In the wake of the recent Giving Pledges, we’ve been discussing what advice we’d give a major philanthropist (aside from our usual plea to conduct evaluations and share them publicly).

For the most part, our recommendations and criteria are aimed at individual donors, not major philanthropists. We stress the value of given to proven, cost-effective, scalable organizations rather than funding experiments, but we don’t feel that this advice applies to major philanthropists - taking risks with small, untested organizations and approaches makes a great deal of sense when you have the time and funds to follow their work closely, hold them accountable, and perform the evaluation that will hopefully show you (and possibly/eventually the world) how things arae going. However, we do have some thoughts on the kind of risk that’s worth taking.

One of our biggest frustrations in trying to help individual donors has been the difficulty of finding organizations, as opposed to programs or projects, we can be confident in. As we have discussed in our series on room for more funding, we feel that donors can’t take “restricted gifts” at face value, and that they must ultimately either find an organization they can be confident in as a whole or one with a clear and publicly disclosed agenda for it would do with more funding. Such organizations have proven very difficult to find.

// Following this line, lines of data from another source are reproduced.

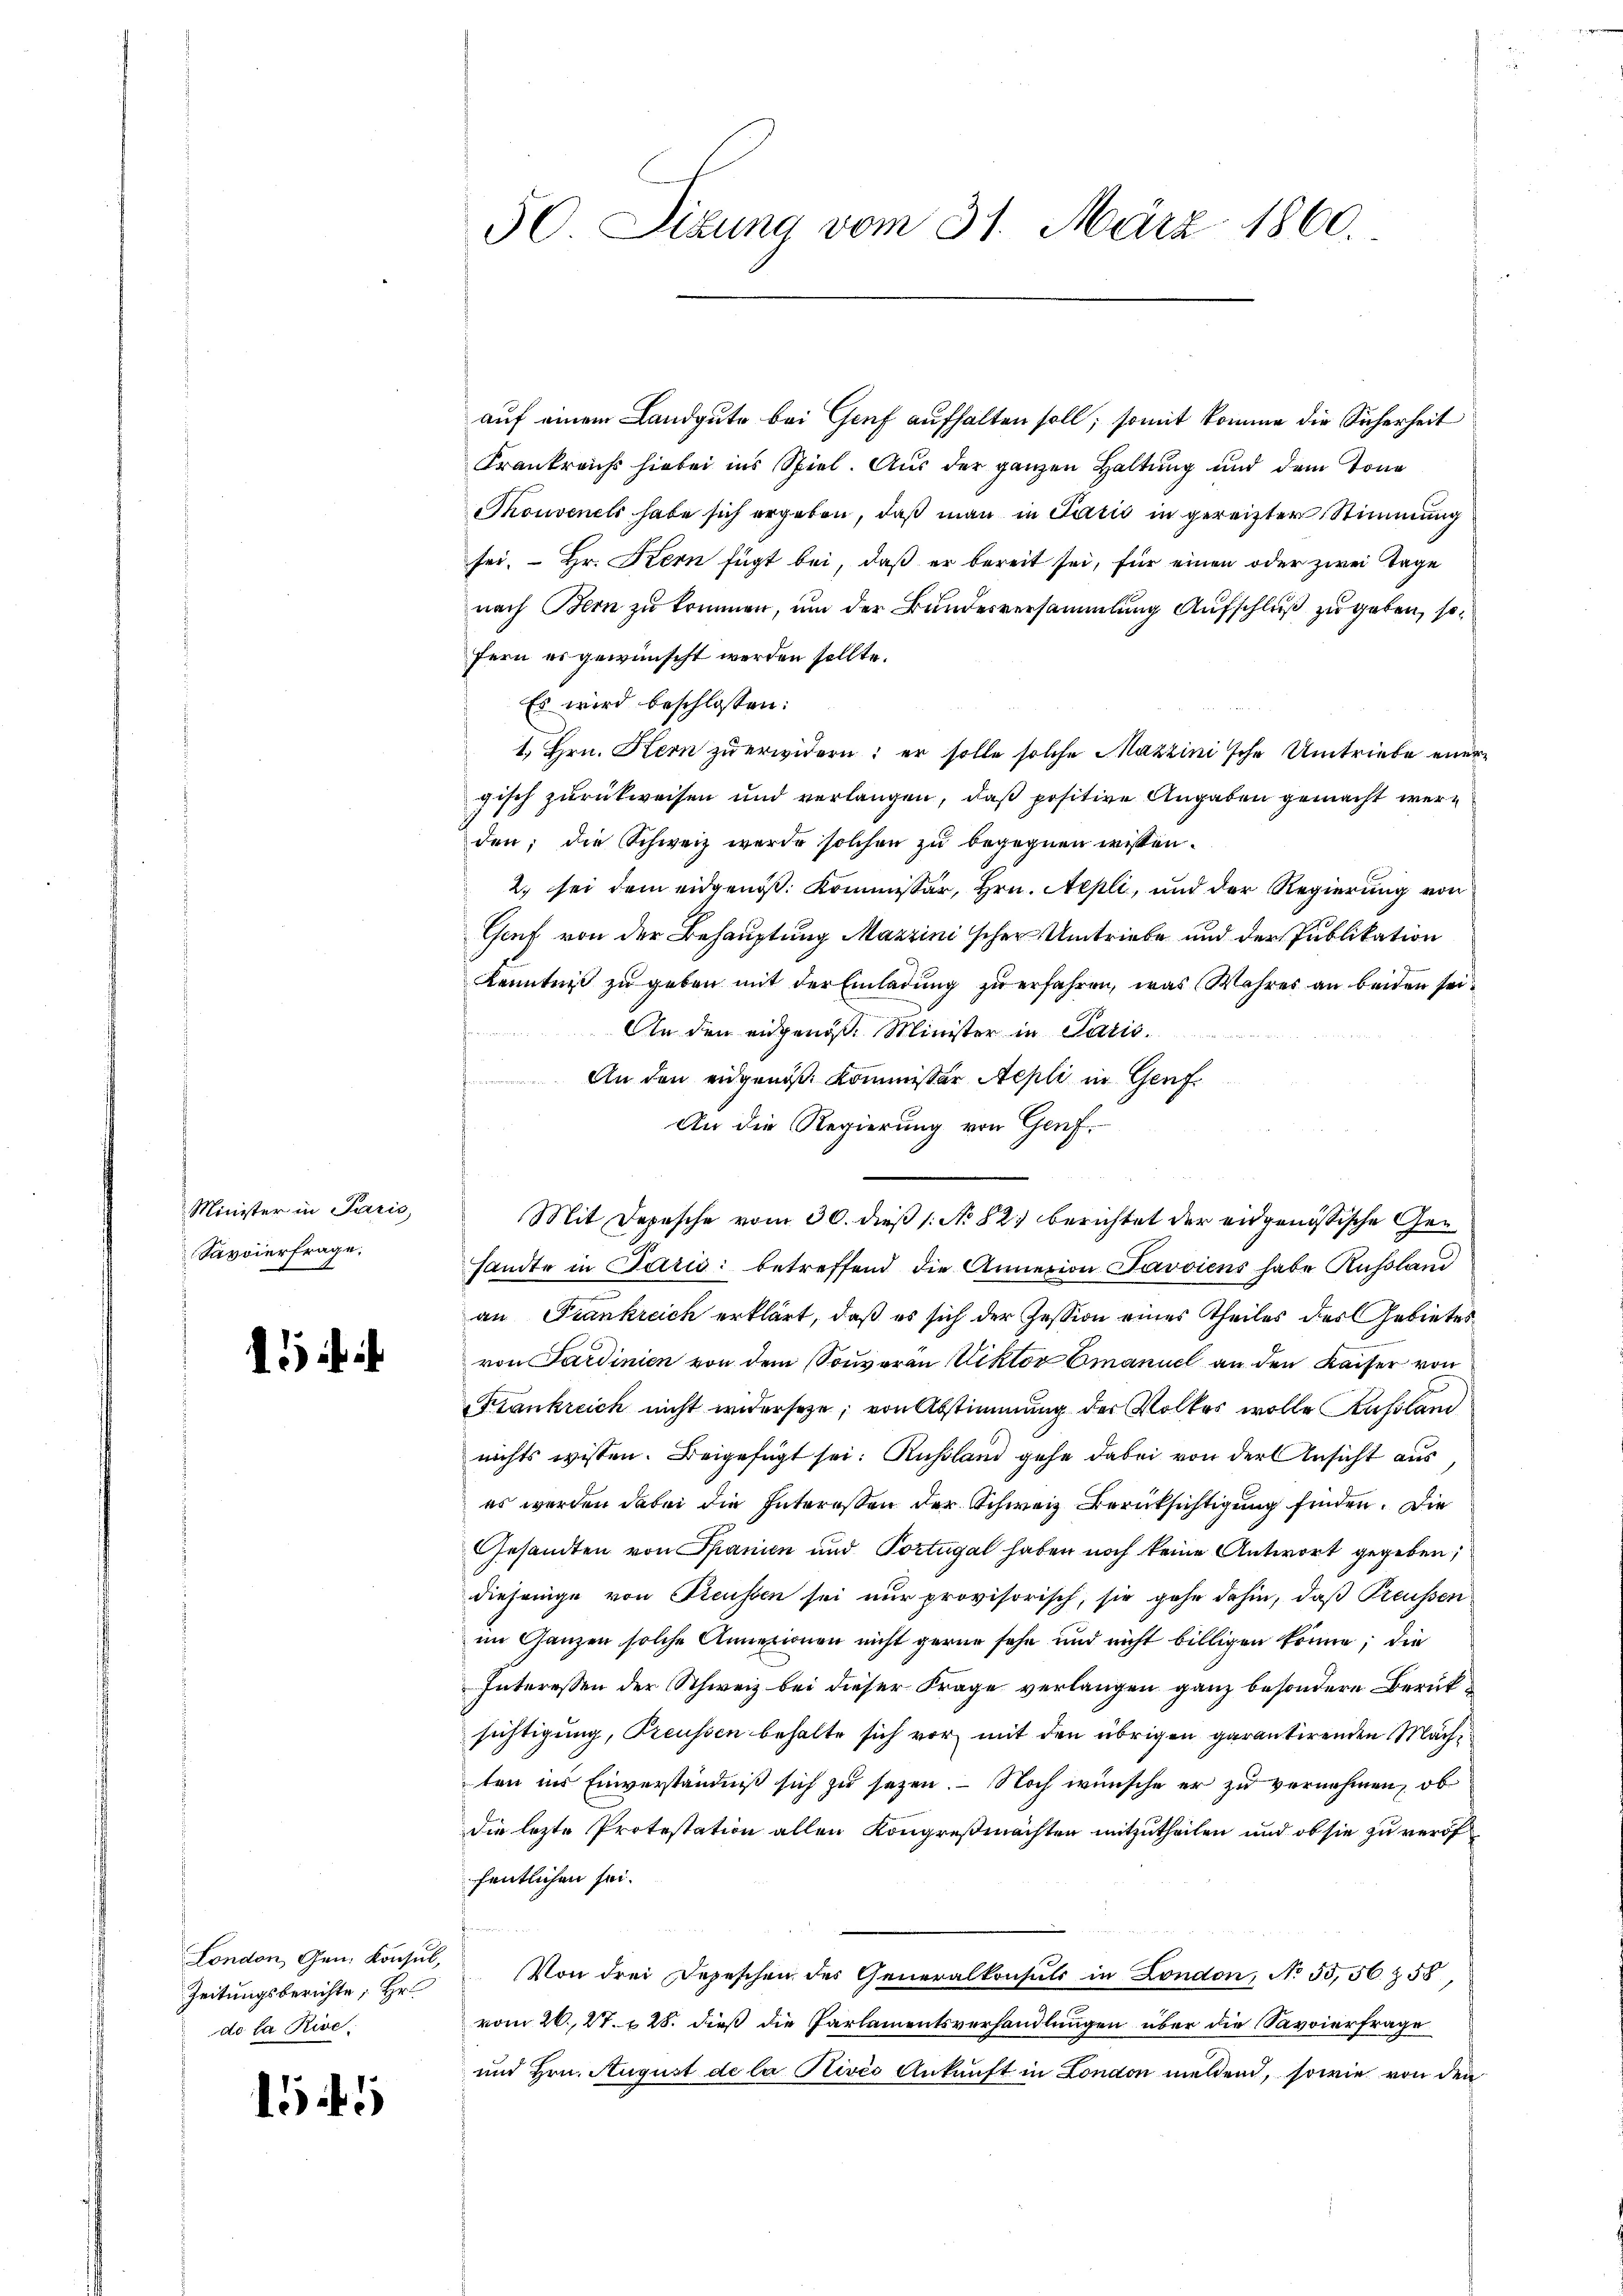
Minister in Paris
Savvierfrage.

2

.

London, Gen. Konsul,
Zeitungsberichte, Hr
de la Rive.

15

50. Sizung vom 31. März 1860.

auf einem Landgute bei Genf aufhalten soll; somit komme die Sicherheit
Frankreichs hiebei ins Spiel. Aus der ganzen Haltung und dem Tona
Thouvenels habe sich ergeben, daß man in Paris in gereizter Stimmung
sei. Hr. Kern fügt bei, daß er bereit sei, für einen oder zwei Tage
nach Bern zu kommen, um der Bundesversammlung Aufschluß zu geben, so
fern es gewünscht werden sollte.
Es wird beschlossen:
1. Hrn. Kern zu erwidern: er solle solche Mazzinische Umtriebe einer
gisch zurückweisen und verlangen, daß positive Angaben gemacht werden; die Schweiz wurde solchen zu begegnen wissen.
2. sei dem eidgenöß: Kommissär, Hrn. Nepli, und der Regierung von
Gaf von der Behauptung Marzinischer Umtriebe und der Publikation
Kenntniß zu geben mit der Einladung zu erfahren, was Wahres an beiden sei¬
An den eidgenöß. Minister in Paris.
.
An den eidgenöß Kommissär Aepli in Genf.
An die Regierung von Genf.
sandte in Paris betreffend die Annexion Javviens habe Russland
an Frankreich erklärt, daß es sich der Zession eines Theiles des Gebietes
von Sardinien von dem Souveran Viktor Emanuel an den Kaiser von
Frankreich nicht widerseze, von Abstimmung der Volkes wolle Russland
nichts wissen. Beigefügt sei: Russland gehe dabei von der Ansicht aus
es werden dabei die Interessen der Schweiz Berüksichtigung finden. Die
Gesandten von Spanien und Portugal haben noch keine Antwort gegeben;
diejenige von Reussen sei nur provisorisch, sie gehe dahin, daß Preussen
im Ganzen solche Annexionen nicht gerne sehe und nicht billigen könne; die
Interessen der Schweiz bei dieser Frage verlangen ganz besondere Berücksichtigung, Preussen behalte sich vor mit den übrigen garantirenden Mächten ins Einverständniß sich zu sezen. — Noch wünsche er zu vernehmen, ob
die lezte Protestation allen Kongreßmächten mitzutheilen und ob sie zu veröffentlichen sei.
 2
Von drei Depeschen des Generalkonsuls in London, No 55, 56 § 58
vom 26. 27. 28. dieß die Parlamentsverhandlungen über die Savoierfrage
und Hrn. August de la Rivés Ankunft in London meldend, sowie von den

Mit Depesche vom 30. dieß (: No 82. berichtet der eidgenössische Ge¬

  • In the area of developing-world aid, we’ve found many organizations with activities so diverse that it’s impossible for us, or for them, to provide any kind of bird’s-eye view of their activities.
  • Meanwhile, we’ve also seen very promising intervention categories that we can’t support simply because we can’t match them to strong, focused organizations. See our past discussion of community-led total sanitation; we have similar issues with salt iodization.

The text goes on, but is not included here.